|
|
Fwd: cjson.erl: msg#00057
db.couchdb.devel
And another round:
Begin forwarded message:
From: "Joe Armstrong"
Date: July 7, 2008 9:16:50 PM GMT+02:00
To: "Jan Lehnardt" <jan-1oDqGaOF3Lkdnm+yROfE0A@xxxxxxxxxxxxxxxx>
Cc: "Bob Ippolito"
Subject: Re: cjson.erl
Re Damien's comments on binaries - they are not *that* ugly
<<"abc">> instead of "abc". They were ugly a couple of years ago
before we changed the format.
The important thing to note is that *long* strings should almost
always be represented as binaries.
What is a long string? it depends, I guess anything more than
50 bytes should be a binary) storing (say) xml as a {Tag, [Attrs],
Data}
tree where Data is a string or binary has great implications for
performance.
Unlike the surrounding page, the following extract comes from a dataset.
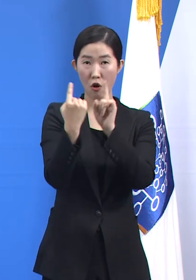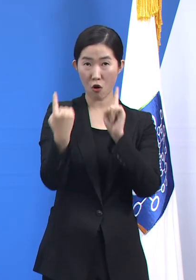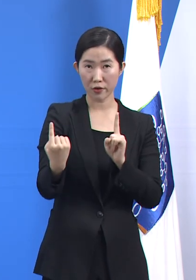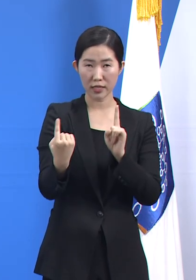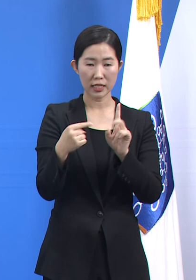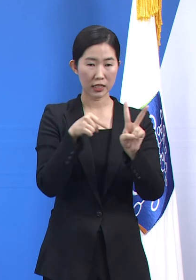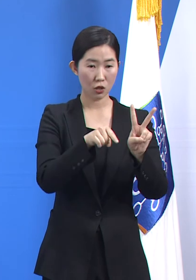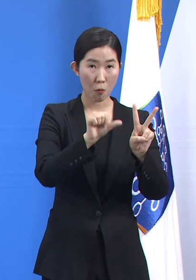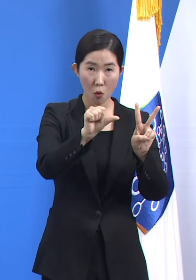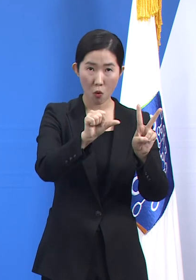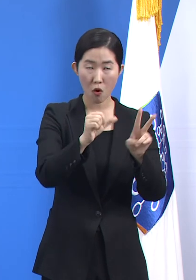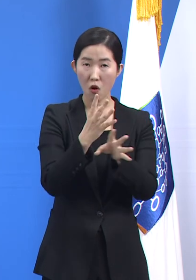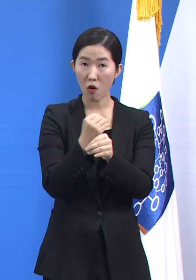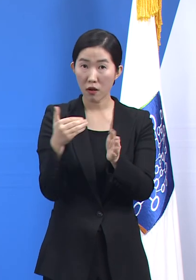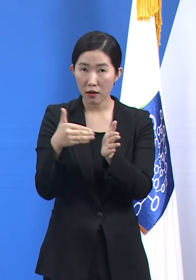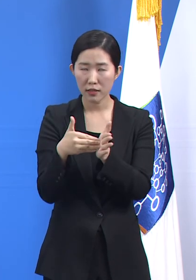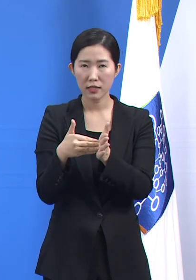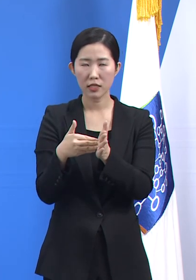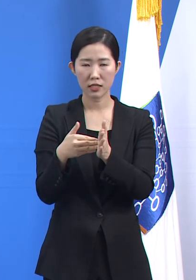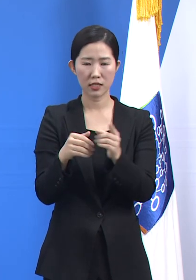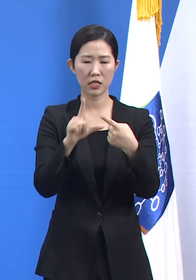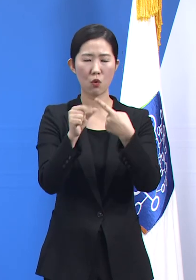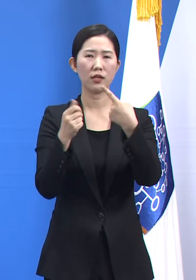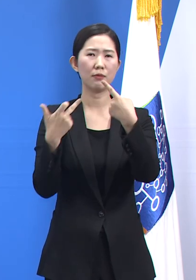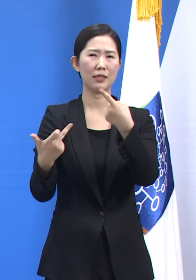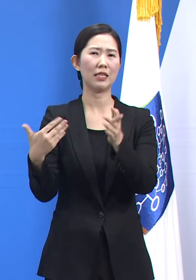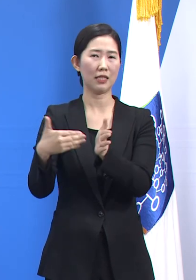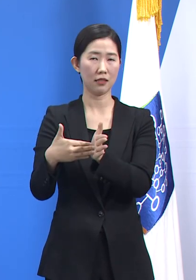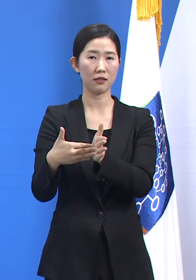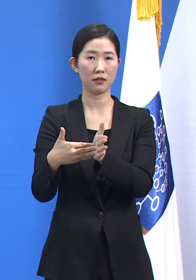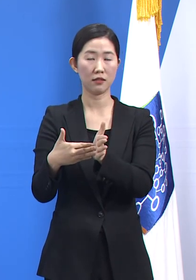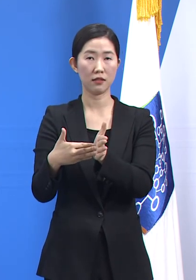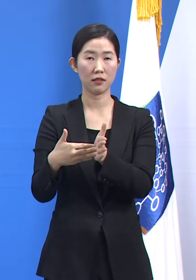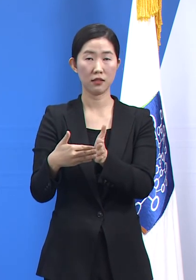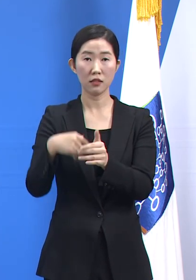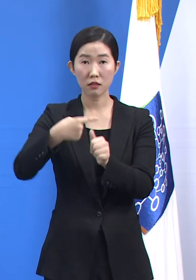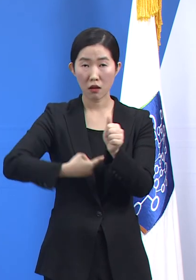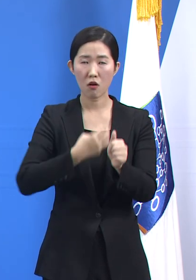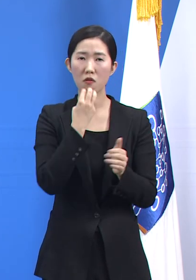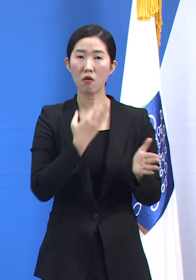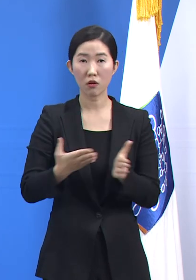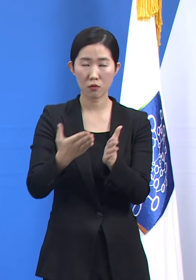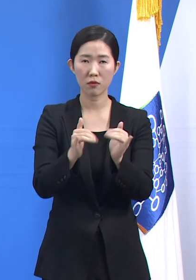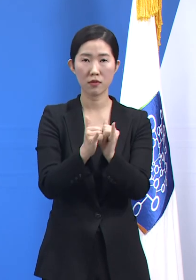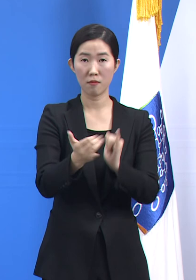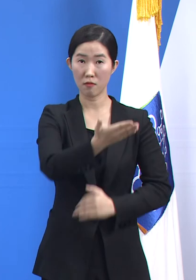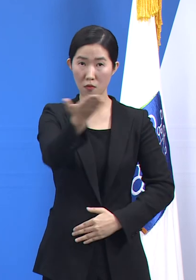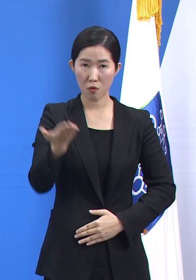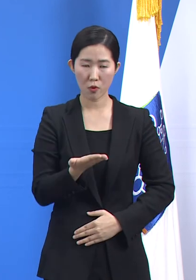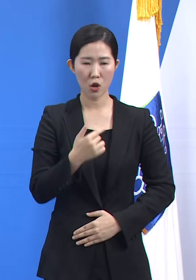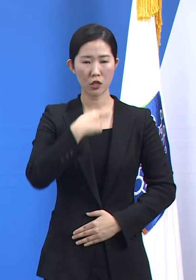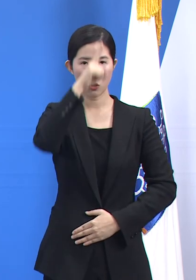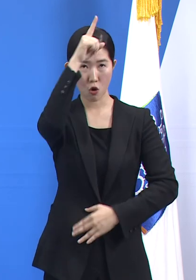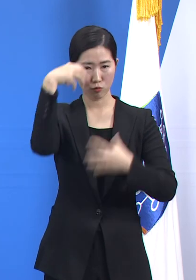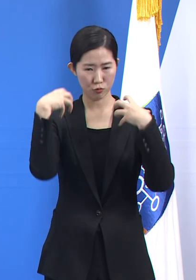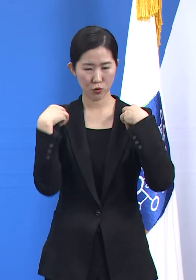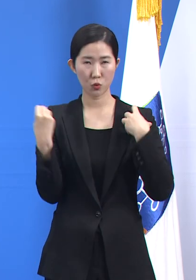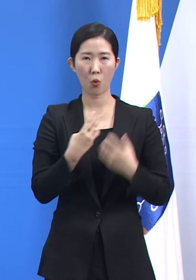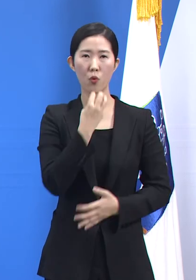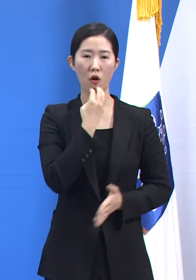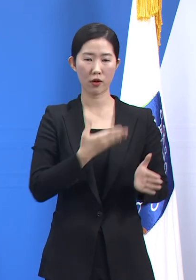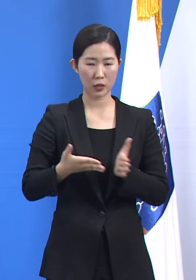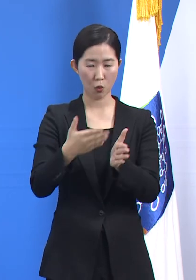17일까지 연장된 시점에서 도민 여러분께서도 정부와 지자체를 믿고 일상 속에 방역 수칙을

Basically it doesn't matter how you represent Tag and
Attrs, but Data should be a binary and NOT a string.
To be on the safe side I'd choose binaries.
Use of atoms should be discouraged - since you don't want to stress
the atom table (which is not garbed).
As it stands the couchDB distribution has three different modules for
JSON terms - which might confuse the unwary ...
Cheers
/Joe
On Mon, Jul 7, 2008 at 8:05 PM, Jan Lehnardt
<jan-1oDqGaOF3Lkdnm+yROfE0A@xxxxxxxxxxxxxxxx> wrote:
Hello Bob & Joe,
here's Damien's take on the JSON issue.
Cheers
Jan
--
Begin forwarded message:
From: Damien Katz <damienkatz-Re5JQEeQqe8AvxtiuMwx3w@xxxxxxxxxxxxxxxx>
Date: July 7, 2008 7:25:28 PM GMT+02:00
To: couchdb-dev-d1GL8uUpDdXTxqt0kkDzDmD2FQJk+8+b@xxxxxxxxxxxxxxxx
Subject: Re: cjson.erl
Reply-To: couchdb-dev-d1GL8uUpDdXTxqt0kkDzDmD2FQJk+8+b@xxxxxxxxxxxxxxxx
So the sad history of cjson.erl I started with the erlang json
library I
found on the json.org website (which now appears to be a dead
link), and
used that for a while. For reasons I cannot remember (bugs or
performance),
I switched to using the mochiweb json library. However, it used
slightly
different conventions for using Erlang terms to represent the
Json. For one
thing, objects were {struct, [...]}, while the json.org library
used {obj,
[...]}. I think there was one other thing, but I can't remember now.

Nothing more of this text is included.